### DESCRIPTION OF THE TASK
State how many lines in the entries below hold the string "none", and give nothing besides that number.

EXTRACTED RECORDS Start Marker

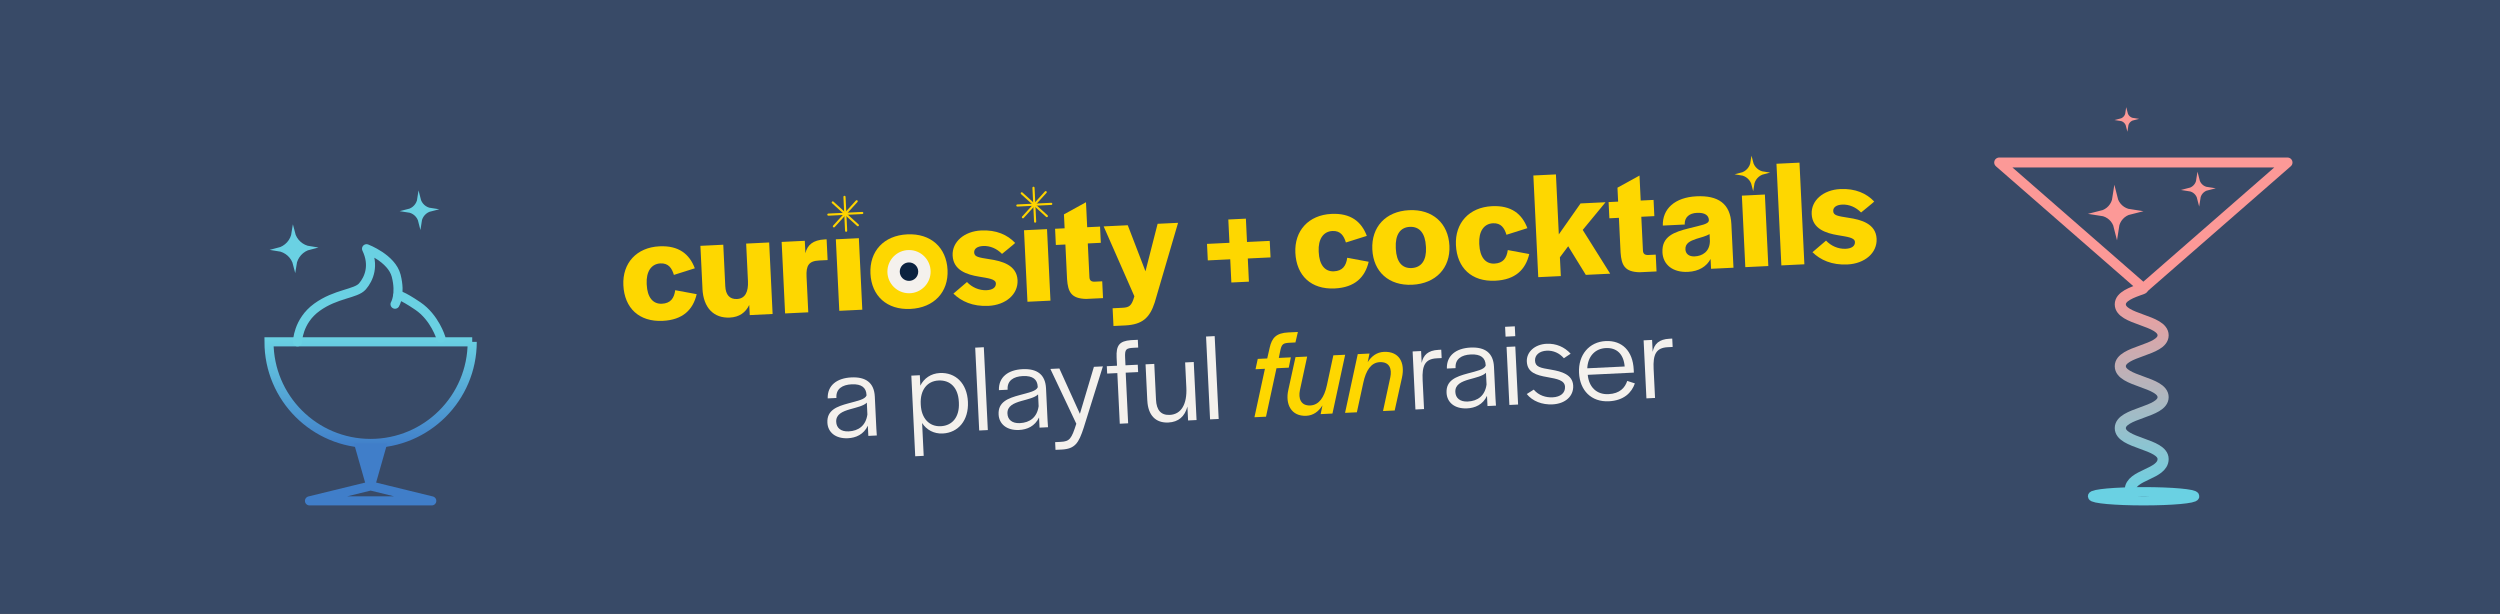 <svg viewBox="0 0 899.48 220.85" version="1.1" xmlns:xlink="http://www.w3.org/1999/xlink" xmlns="http://www.w3.org/2000/svg" id="Layer_1">
  
  <rect x="0" y="0" width="899.48" height="220.85" fill="#333333" stroke="none"/>
  
  <defs>
    <style>
      .st0 {
        stroke-width: .77px;
      }

      .st0, .st1 {
        stroke: #ffd400;
      }

      .st0, .st2, .st3, .st4, .st5, .st6, .st7 {
        fill: none;
        stroke-linecap: round;
      }

      .st0, .st2, .st4, .st7 {
        stroke-linejoin: round;
      }

      .st1 {
        fill: #ffd400;
        stroke-width: .85px;
      }

      .st1, .st3, .st8, .st5, .st9, .st10, .st11, .st6 {
        stroke-miterlimit: 10;
      }

      .st2 {
        stroke: #407ec9;
      }

      .st2, .st3, .st4, .st6 {
        stroke-width: 3.27px;
      }

      .st3, .st4, .st8 {
        stroke: #6ad1e3;
      }

      .st12 {
        fill: #384b68;
        opacity: .98;
      }

      .st12, .st13 {
        isolation: isolate;
      }

      .st8 {
        fill: #6ad1e3;
      }

      .st8, .st9 {
        stroke-width: 1.14px;
      }

      .st5 {
        stroke: url(#linear-gradient);
        stroke-width: 4px;
      }

      .st9, .st10, .st11 {
        fill: #fc9997;
      }

      .st9, .st10, .st11, .st7 {
        stroke: #fc9997;
      }

      .st10 {
        stroke-width: .8px;
      }

      .st11 {
        stroke-width: 1.8px;
      }

      .st6 {
        stroke: url(#linear-gradient1);
      }

      .st14 {
        fill: #f4f1ed;
      }

      .st15 {
        fill: #0c2340;
      }

      .st16 {
        fill: #407ec9;
      }

      .st7 {
        stroke-width: 3.58px;
      }

      .st17 {
        fill: #fed700;
      }
    </style>
    <linearGradient gradientUnits="userSpaceOnUse" gradientTransform="translate(0 222) scale(1 -1)" y2="120.17" x2="770.57" y1="43.71" x1="770.57" id="linear-gradient">
      <stop stop-color="#6ad1e3" offset="0"></stop>
      <stop stop-color="#fc9997" offset="1"></stop>
    </linearGradient>
    <linearGradient gradientUnits="userSpaceOnUse" gradientTransform="translate(0 222) scale(1 -1)" y2="60.81" x2="133.34" y1="100.65" x1="133.34" id="linear-gradient1">
      <stop stop-color="#6ad1e3" offset="0"></stop>
      <stop stop-color="#407ec9" offset="1"></stop>
    </linearGradient>
  </defs>
  <rect height="220.85" width="899.48" class="st12"></rect>
  <g>
    <g class="st13">
      <g class="st13">
        <path d="M297.69,152.08c-.22-4.51,3.4-5.84,7.6-6.97,3.37-.92,5.87-1.39,6.47-2.79v-.27c-.13-2.52-1.71-3.95-5.34-3.78-3.36.16-5.64,1.65-5.49,4.7v.22s-3.13.15-3.13.15c-.14-4.74,3.37-7.3,8.5-7.55,5.26-.25,8.21,1.95,8.45,6.91l.55,11.46.17,2.52-3.05.15-.18-3.67c-1.49,3.18-4.31,4.38-7.19,4.51-4.42.21-7.2-2.14-7.36-5.59ZM312.08,149.12l-.2-4.25c-1.14,1.16-3.73,1.73-6.05,2.38-2.71.79-5.1,1.8-4.97,4.54.1,2.17,1.68,3.55,4.47,3.42,3.58-.17,6.19-2.07,6.75-6.09Z" class="st14"></path>
        <path d="M327.9,135.15l3.05-.15.18,3.76c1.29-2.63,3.82-4.4,7.05-4.55,5.62-.27,9.75,3.7,10.07,10.33v.04c.32,6.63-3.45,11.12-9.07,11.39-3.18.15-5.83-1.31-7.41-3.77l.57,11.81-3.05.15-1.4-29.01ZM345,144.92l-.02-.35c-.24-5.04-3.04-7.88-7.29-7.67-4.25.2-6.65,3.6-6.42,8.42l.02.35c.23,4.73,2.95,7.88,7.2,7.68,4.25-.21,6.75-3.43,6.51-8.43Z" class="st14"></path>
        <path d="M350.87,125.08l3.1-.15,1.44,29.81-3.1.15-1.44-29.81Z" class="st14"></path>
      </g>
      <g class="st13">
        <path d="M359.29,149.11c-.22-4.51,3.4-5.84,7.6-6.97,3.37-.92,5.87-1.39,6.47-2.79v-.27c-.13-2.52-1.71-3.95-5.34-3.78-3.36.16-5.64,1.65-5.49,4.7v.22s-3.13.15-3.13.15c-.14-4.74,3.37-7.3,8.5-7.55,5.26-.25,8.21,1.95,8.45,6.91l.55,11.46.17,2.52-3.05.15-.18-3.67c-1.49,3.18-4.31,4.38-7.19,4.51-4.42.21-7.2-2.14-7.36-5.59ZM373.69,146.15l-.2-4.25c-1.14,1.16-3.73,1.73-6.05,2.38-2.71.79-5.1,1.8-4.97,4.54.1,2.17,1.68,3.55,4.47,3.42,3.58-.17,6.19-2.07,6.75-6.09Z" class="st14"></path>
      </g>
      <g class="st13">
        <path d="M379.64,159.08l1.99-.1c3.27-.16,3.89-1.12,5.62-6.52l-9.33-19.72,3.23-.16,7.39,16.31,5.04-16.91,3.23-.16-6.88,22.01c-1.81,5.58-3.13,7.69-8,7.92l-2.17.1-.13-2.79Z" class="st14"></path>
      </g>
      <g class="st13">
        <path d="M402.02,134.23l-3.67.18-.13-2.65,3.67-.18-.14-2.92c-.21-4.42,1-5.95,5.15-6.28l2.48-.12.13,2.79-1.5.07c-2.92.14-3.34.52-3.2,3.57l.13,2.74,4.42-.21.13,2.65-4.47.21.88,18.22-3.01.15-.88-18.22Z" class="st14"></path>
      </g>
      <g class="st13">
        <path d="M412.79,144.13l-.63-13.05,3.14-.15.62,12.87c.18,3.76,1.78,5.63,4.96,5.48,4.2-.2,6.24-3.98,5.96-9.77l-.44-9.11,3.1-.15,1.01,20.88-3.05.15-.24-5c-.94,3.55-3.19,5.56-6.86,5.74-4.6.22-7.31-2.66-7.56-7.88Z" class="st14"></path>
        <path d="M433.93,121.08l3.1-.15,1.44,29.81-3.1.15-1.44-29.81Z" class="st14"></path>
      </g>
      <g class="st13">
        <path d="M455.09,132.69l-3.36.16.8-3.72,3.41-.16.88-3.86c.8-3.58,2.36-5.3,6.74-5.51l3.41-.16-.88,3.77-1.81.09c-2.7.13-3.17.37-3.74,3.33l-.43,2.15,4.33-.21-.75,3.71-4.42.21-3.77,17.43-4.16.2,3.77-17.43Z" class="st17"></path>
      </g>
      <g class="st13">
        <path d="M463.53,140.27l2.58-11.78,4.2-.2-2.61,12.1c-.61,2.91.27,5.66,3.77,5.49,3.05-.15,5-2.9,5.94-7.29l2.32-10.75,4.25-.2-4.57,21.15-4.25.21.65-3.14c-1.4,2.24-3.33,3.62-5.8,3.74-5.44.26-7.65-4.2-6.48-9.31Z" class="st17"></path>
        <path d="M488.49,127.41l4.25-.21-.65,3.09c1.4-2.2,3.33-3.57,5.81-3.69,5.44-.26,7.72,3.75,6.52,9.26l-2.62,11.83-4.2.2,2.61-12.1c.65-3.05-.23-5.66-3.81-5.49-3.1.15-4.95,2.99-5.89,7.38l-2.32,10.66-4.25.2,4.57-21.15Z" class="st17"></path>
      </g>
      <g class="st13">
        <path d="M508.25,126.45l3.05-.15.21,4.29c.57-2.82,2.26-4.54,6.07-4.72l.97-.05.15,3.01-1.77.09c-4.29.21-5.32,2.74-5.08,7.78l.51,10.48-3.1.15-1.01-20.88Z" class="st14"></path>
      </g>
      <g class="st13">
        <path d="M520.46,141.34c-.22-4.51,3.4-5.84,7.6-6.97,3.37-.91,5.87-1.39,6.47-2.79v-.27c-.13-2.52-1.71-3.95-5.34-3.78-3.36.16-5.64,1.65-5.49,4.7v.22s-3.13.15-3.13.15c-.14-4.74,3.37-7.3,8.5-7.55,5.26-.25,8.21,1.95,8.45,6.91l.55,11.46.17,2.52-3.05.15-.18-3.67c-1.49,3.18-4.31,4.38-7.19,4.51-4.42.21-7.2-2.13-7.36-5.59ZM534.85,138.38l-.21-4.25c-1.14,1.16-3.73,1.73-6.05,2.38-2.71.79-5.1,1.8-4.97,4.54.1,2.17,1.68,3.55,4.47,3.42,3.58-.17,6.19-2.07,6.75-6.09Z" class="st14"></path>
      </g>
      <g class="st13">
        <path d="M541.52,117.58l3.49-.17.17,3.54-3.49.17-.17-3.54ZM542.05,124.82l3.14-.15,1.01,20.88-3.14.15-1.01-20.88Z" class="st14"></path>
        <path d="M549.33,141.76l2.5-1.58c1.79,2.13,4.4,2.89,6.78,2.78,2.88-.14,4.58-1.59,4.47-3.81-.11-2.34-2.84-2.83-6.33-3.46-4.07-.69-7.22-1.69-7.41-5.58-.17-3.49,2.89-6.21,7.09-6.42,3.54-.17,6.49,1.2,8.68,3.57l-2.45,1.63c-1.55-1.83-3.77-2.83-6.16-2.72-2.65.13-4.31,1.58-4.21,3.62.11,2.26,1.94,2.57,5.83,3.22,3.71.62,7.71,1.76,7.9,5.74.18,3.8-2.83,6.52-7.43,6.74-3.72.18-7.19-1.12-9.27-3.72Z" class="st14"></path>
      </g>
      <g class="st13">
        <path d="M568.12,134.12c-.31-6.46,3.68-11.13,9.6-11.41,5.93-.29,9.75,3.61,10.07,10.2l.06,1.15-16.59.8c.39,4.33,3.14,7.16,7.47,6.95,4.11-.2,5.96-2.37,6.73-4.76l2.75.89c-1.13,3.29-3.91,6.17-9.36,6.44-6.32.3-10.43-3.89-10.73-10.25ZM577.79,125.23c-3.94.19-6.5,3.02-6.7,7.28l13.45-.65c-.35-4.46-2.86-6.82-6.75-6.63Z" class="st14"></path>
      </g>
      <g class="st13">
        <path d="M591.36,122.45l3.05-.15.21,4.29c.57-2.82,2.26-4.54,6.07-4.72l.97-.05.15,3.01-1.77.09c-4.29.21-5.32,2.74-5.08,7.78l.51,10.48-3.1.15-1.01-20.88Z" class="st14"></path>
      </g>
    </g>
    <g>
      <g>
        <g>
          <path d="M224.28,102.63c-.38-7.96,4.75-13.61,12.98-14.01,6.92-.33,10.79,2.76,12.73,7.91l-7.53,2.38c-.72-2.42-1.95-4.28-4.84-4.14-3.32.16-5.16,2.98-4.95,7.34l.02.33c.21,4.41,2.14,7,5.46,6.84,3.11-.15,4.39-1.96,4.79-4.87l7.72,1.43c-1.31,5.58-4.96,9.25-12.21,9.6-8.5.41-13.77-4.58-14.17-12.81Z" class="st17"></path>
          <path d="M252.75,103.93l-.75-15.48,8.23-.4.72,14.93c.15,3.05,1.54,4.73,4.21,4.6,3-.14,4.13-2.66,3.95-6.42l-.65-13.52,8.28-.4,1.24,25.73-8.23.4-.18-3.65c-1.29,2.74-3.61,4.38-6.99,4.54-5.78.28-9.51-3.53-9.84-10.34h0Z" class="st17"></path>
          <path d="M281.22,87.04l8.34-.4.22,4.47c.68-2.87,2.61-4.77,7.03-4.98l.6-.03.36,7.47-3.05.15c-3.82.18-4.71,1.92-4.53,5.79l.62,12.86-8.34.4-1.24-25.73h-.01Z" class="st17"></path>
          <path d="M300.73,86.1l8.28-.4,1.24,25.73-8.28.4s-1.24-25.73-1.24-25.73Z" class="st17"></path>
          <path d="M313.18,98.45c-.39-8.07,4.8-13.73,13.25-14.13,8.45-.41,14.1,4.73,14.49,12.8.38,7.96-4.86,13.62-13.36,14.03-8.45.41-13.99-4.68-14.38-12.69h0ZM332.48,97.74l-.02-.38c-.23-4.74-2.31-7.21-5.8-7.04s-5.27,2.82-5.04,7.56l.02.38c.23,4.69,2.25,7.05,5.69,6.88,3.49-.17,5.38-2.77,5.16-7.41h-.01Z" class="st17"></path>
          <path d="M343.03,105.64l4.88-4.17c1.78,1.88,4.35,3.07,7.08,2.94,2.13-.1,3.39-.98,3.32-2.45-.08-1.58-2.66-1.84-6.13-2.44-4.35-.72-9.18-2.29-9.43-7.58-.24-4.91,4.17-8.72,10.27-9.02,5.45-.26,9.47,1.56,12.23,4.49,0,.11-4.73,3.94-4.73,3.94-1.84-1.88-4.24-2.96-6.8-2.84-2.07.1-3.29.98-3.22,2.34.08,1.58,1.56,1.78,5.52,2.41,4.46.66,9.82,2.09,10.09,7.54.24,5.07-4.21,8.94-10.48,9.25-5.61.27-9.75-1.61-12.61-4.42h.01Z" class="st17"></path>
          <path d="M368.43,82.84l8.28-.4,1.24,25.73-8.28.4-1.24-25.73Z" class="st17"></path>
          <path d="M383.92,100.45l-.6-12.48-3.43.17-.28-5.83,3.43-.17-.24-5.01,7.93-4.37.43,8.99,4.63-.22.28,5.83-4.69.23.59,12.15c.06,1.14.62,1.61,1.77,1.61l2.83-.14.29,6.05-6.1.29c-5.36-.12-6.51-2.53-6.84-7.1h0Z" class="st17"></path>
          <path d="M400.32,110.91l3.32-.16c2.62-.13,3.47-.55,4.5-4.15l-11.05-25.14,8.67-.42,6.37,16.57,4.37-17.09,7.36-.35-8.4,28.65c-1.76,5.44-4.37,7.97-10.64,8.27l-4.2.2-.31-6.38h.01Z" class="st17"></path>
          <path d="M442.63,93.3l-8.07.39-.29-5.94,8.07-.39-.4-8.39,6.32-.3.4,8.39,8.18-.39.29,5.94-8.18.39.4,8.34-6.32.3-.4-8.34Z" class="st17"></path>
          <path d="M466.06,90.97c-.38-7.96,4.75-13.61,12.98-14.01,6.92-.33,10.79,2.76,12.73,7.91l-7.53,2.38c-.72-2.42-1.95-4.28-4.84-4.14-3.32.16-5.16,2.98-4.95,7.34l.02.33c.21,4.41,2.14,7,5.46,6.84,3.11-.15,4.39-1.96,4.79-4.87l7.72,1.43c-1.31,5.58-4.96,9.25-12.21,9.6-8.5.41-13.77-4.58-14.17-12.81Z" class="st17"></path>
          <path d="M493.75,89.75c-.39-8.07,4.8-13.73,13.25-14.13,8.45-.41,14.1,4.73,14.49,12.8.38,7.96-4.86,13.62-13.36,14.03-8.45.41-13.99-4.68-14.38-12.69h0ZM513.05,89.04l-.02-.38c-.23-4.74-2.31-7.21-5.8-7.04-3.43.17-5.27,2.82-5.04,7.56l.02.38c.23,4.69,2.25,7.05,5.69,6.88,3.49-.17,5.38-2.77,5.16-7.41h0Z" class="st17"></path>
          <path d="M523.83,88.19c-.38-7.96,4.75-13.61,12.98-14.01,6.92-.33,10.79,2.76,12.73,7.91l-7.53,2.38c-.72-2.42-1.95-4.28-4.84-4.14-3.32.16-5.16,2.98-4.95,7.34l.02.33c.21,4.41,2.14,7,5.46,6.84,3.11-.15,4.39-1.96,4.79-4.87l7.72,1.43c-1.31,5.58-4.96,9.25-12.21,9.6-8.5.41-13.77-4.58-14.17-12.81h0Z" class="st17"></path>
          <path d="M551.69,63.14l8.12-.39,1.04,21.58,7.82-11.14,8.99-.43-8.21,9.96,9.88,15.75-8.77.42-6.34-10.29-2.98,3.97.33,6.76-8.12.39-1.76-36.57h0Z" class="st17"></path>
          <path d="M583.07,90.85l-.6-12.48-3.43.17-.28-5.83,3.43-.17-.24-5.01,7.93-4.37.43,8.99,4.63-.22.28,5.83-4.69.23.59,12.15c.06,1.14.62,1.61,1.77,1.61l2.83-.14.29,6.05-6.1.29c-5.36-.12-6.51-2.53-6.84-7.1h0Z" class="st17"></path>
          <path d="M598.14,90.78c-.28-5.78,4.24-7.31,9.63-8.66,4.42-1.14,6.98-1.43,7.07-2.85v-.16c-.08-1.58-1.39-2.66-4.28-2.53s-4.34,1.68-4.41,3.76l.02.44-7.9.38c-.18-6,4.32-10.15,12.11-10.53,7.74-.37,12.2,2.58,12.55,9.99l.76,15.7-8.07.39-.17-3.54c-1.4,2.69-4.21,4.46-8.13,4.65-5.4.26-8.97-2.52-9.19-7.04h.01ZM615.21,86.79l-.12-2.56c-1.22.71-3.06,1.19-4.78,1.71-2.26.76-4.02,1.61-3.91,3.79.08,1.58,1.27,2.62,3.34,2.52,2.67-.13,5.38-1.63,5.47-5.45h0Z" class="st17"></path>
          <path d="M626.71,70.39l8.28-.4,1.24,25.73-8.28.4-1.24-25.73Z" class="st17"></path>
          <path d="M639.16,58.92l8.28-.4,1.76,36.57-8.28.4-1.76-36.57Z" class="st17"></path>
          <path d="M652.11,90.74l4.88-4.17c1.78,1.88,4.35,3.07,7.08,2.94,2.13-.1,3.39-.98,3.32-2.45-.08-1.58-2.66-1.84-6.13-2.44-4.35-.72-9.18-2.29-9.43-7.58-.24-4.91,4.17-8.72,10.27-9.02,5.45-.26,9.47,1.56,12.23,4.49,0,.11-4.73,3.94-4.73,3.94-1.84-1.88-4.24-2.96-6.8-2.84-2.07.1-3.29.98-3.22,2.34.08,1.58,1.56,1.78,5.52,2.41,4.46.66,9.82,2.09,10.09,7.54.24,5.07-4.21,8.94-10.48,9.25-5.61.27-9.75-1.61-12.61-4.42h0Z" class="st17"></path>
        </g>
        <g>
          <line y2="83.02" x2="304.43" y1="70.83" x1="303.84" class="st0"></line>
          <line y2="81.03" x2="308.65" y1="72.83" x1="299.62" class="st0"></line>
          <line y2="77.22" x2="298.04" y1="76.63" x1="310.23" class="st0"></line>
          <line y2="81.44" x2="300.03" y1="72.41" x1="308.23" class="st0"></line>
        </g>
        <g>
          <line y2="79.74" x2="372.43" y1="67.56" x1="371.84" class="st0"></line>
          <line y2="77.75" x2="376.65" y1="69.55" x1="367.62" class="st0"></line>
          <line y2="73.94" x2="366.04" y1="73.35" x1="378.23" class="st0"></line>
          <line y2="78.16" x2="368.04" y1="69.13" x1="376.24" class="st0"></line>
        </g>
        <path d="M630.28,58.24h0c.51,2.09,2.24,3.66,4.37,3.97h0c-2.09.51-3.66,2.24-3.97,4.37h0c-.51-2.09-2.24-3.66-4.37-3.97h0c2.09-.51,3.66-2.24,3.97-4.37h0Z" class="st1"></path>
      </g>
      <g>
        <path d="M327.12,105.51c-4.29.03-7.8-3.42-7.84-7.71-.03-4.3,3.42-7.8,7.71-7.84s7.8,3.42,7.84,7.71-3.42,7.8-7.71,7.84" class="st14"></path>
        <path d="M327.08,101.06c1.83-.01,3.31-1.51,3.29-3.35-.01-1.83-1.51-3.31-3.35-3.29-1.83.01-3.31,1.51-3.29,3.35s1.51,3.31,3.35,3.29" class="st15"></path>
      </g>
    </g>
  </g>
  <g>
    <g>
      <polygon points="771.16 103.72 719.29 58.47 823.03 58.47 771.16 103.72" class="st7"></polygon>
      <path d="M770.9,103.83c-3.96,1.43-8.03,2.82-8.03,5.68,0,5.56,15.4,5.56,15.4,11.13s-15.4,5.56-15.4,11.13,15.4,5.56,15.4,11.13-15.4,5.57-15.4,11.13,15.4,5.57,15.4,11.13-11.81,5.57-11.81,11.13" class="st5"></path>
      <ellipse ry="1.66" rx="18.42" cy="178.55" cx="771.25" class="st3"></ellipse>
    </g>
    <path d="M760.95,71.2h0c.64,2.64,2.83,4.62,5.52,5.01h0c-2.64.64-4.62,2.83-5.01,5.52h0c-.64-2.64-2.83-4.62-5.52-5.01h0c2.64-.64,4.62-2.83,5.01-5.52h0Z" class="st11"></path>
    <path d="M765.1,40.64h0c.29,1.17,1.26,2.06,2.45,2.23h0c-1.17.29-2.06,1.26-2.23,2.45h0c-.29-1.17-1.26-2.06-2.45-2.23h0c1.17-.29,2.06-1.26,2.23-2.45h0Z" class="st10"></path>
    <path d="M790.78,64.73h0c.41,1.66,1.78,2.91,3.48,3.16h0c-1.66.41-2.91,1.78-3.16,3.48h0c-.41-1.66-1.78-2.91-3.48-3.16h0c1.66-.41,2.91-1.78,3.16-3.48h0Z" class="st9"></path>
  </g>
  <g>
    <g>
      <g>
        <path d="M169.9,122.99c0,20.19-16.37,36.56-36.56,36.56s-36.56-16.37-36.56-36.56h73.12Z" class="st6"></path>
        <polygon points="139.33 159.55 134.98 174.83 131.71 174.83 127.36 159.55 139.33 159.55 139.33 159.55" class="st16"></polygon>
        <polygon points="133.35 174.83 111.35 180.21 155.35 180.21 133.35 174.83" class="st2"></polygon>
      </g>
      <g>
        <path d="M107.04,122.99s.09-7.44,6.96-12.42,14.05-4.8,16.4-7.53,4.38-7.53,1.48-13.55c0,0,9.05,3.42,10.66,9.7,1.74,6.78-.41,10.26-.41,10.26" class="st4"></path>
        <path d="M158.64,121.58s-2.19-7.34-8.31-11.48-7.11-3.84-7.11-3.84" class="st4"></path>
      </g>
    </g>
    <path d="M150.73,71.52h0c.5,2.06,2.21,3.62,4.31,3.92h0c-2.06.5-3.62,2.21-3.92,4.31h0c-.5-2.06-2.21-3.62-4.31-3.92h0c2.06-.5,3.62-2.21,3.92-4.31h0Z" class="st8"></path>
    <path d="M105.52,83.68h0c.71,2.91,3.12,5.09,6.08,5.52h0c-2.91.71-5.09,3.12-5.52,6.08h0c-.71-2.91-3.12-5.09-6.08-5.52h0c2.91-.71,5.09-3.12,5.52-6.08h0Z" class="st8"></path>
  </g>
</svg>

EXTRACTED RECORDS End Marker

### ANSWER TO THIS PROBLEM
2